2D variant of packed Shamir secret sharing

The natural generalisation of SSS to a bivariate polynomial ring runs into issues due to the need to sample both variable without repetition. It's also not clear what the advantages of such a scheme might be.

Consider the bivariate polynomial over a finite field $$F(X,Y)=\sum_{i=0}^m\sum_{j=0}^n f_{i,j}X^iY^j$$ this has $mn$ coefficients and we can designate the constant term $f_{0,0}$ to be our secret while sampling the other coefficients uniformly from the field. From an information perspective, to recover all coefficients would require at least $mn$ sample evaluations.

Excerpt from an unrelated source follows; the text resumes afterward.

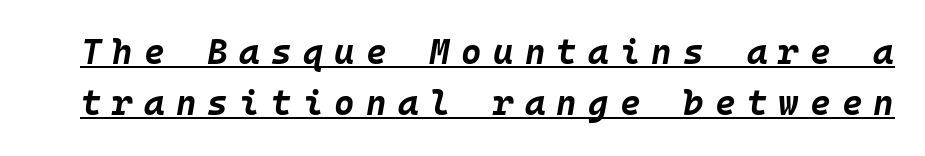
{"italic": "yes", "lean": "right", "slant_degrees": 10, "bold": "yes", "weight": "bold", "width": "normal", "stroke_contrast": "low", "x_height": "large", "monospaced": "yes", "underline": "yes", "line_spacing": "normal", "line_spacing_ratio": 1.46, "letter_spacing": "wide", "letter_spacing_em": 0.32, "glyph_px": 35}

However, due to separability, it is possible to recover some coefficients with fewer samples and for us to be unable to recover full information with arbitrarily large sample sets. For example, if we wish to recover $f_{0,0}$, note that $$F(X,Y)=\sum_{i=0}^m G_i(Y)X^j$$ where $$G_i(Y)=\sum_{j=0}^nf_{i,j}Y^j$$ if we restrict our samples to the set $Y=0$, with $m$ samples with distinct $X$ values, we can recover $G_i(0)$ for all $i$ using the 1-D interpolation. In particular, we recover $G_0(0)=f_{0,0}$ which is our secret. Conversely, if we restrict our samples to $Y=1$, after $m$ samples we recover $G_i(1)$ for all $i$ and taking more samples provides no new information. Clearly $G_i(1)$ for $i\neq 0$ is of no help to finding $f_{0,0}$ and determining $f_{0,0}$ from $G_0(1)$ is like trying to recover a 1-D SSS from a single sample. More generally, if we have fewer than $n$ distinct $Y$ values or fewer than $m$ distinct $X$ values, our method cannot succeed in recovering all coefficients.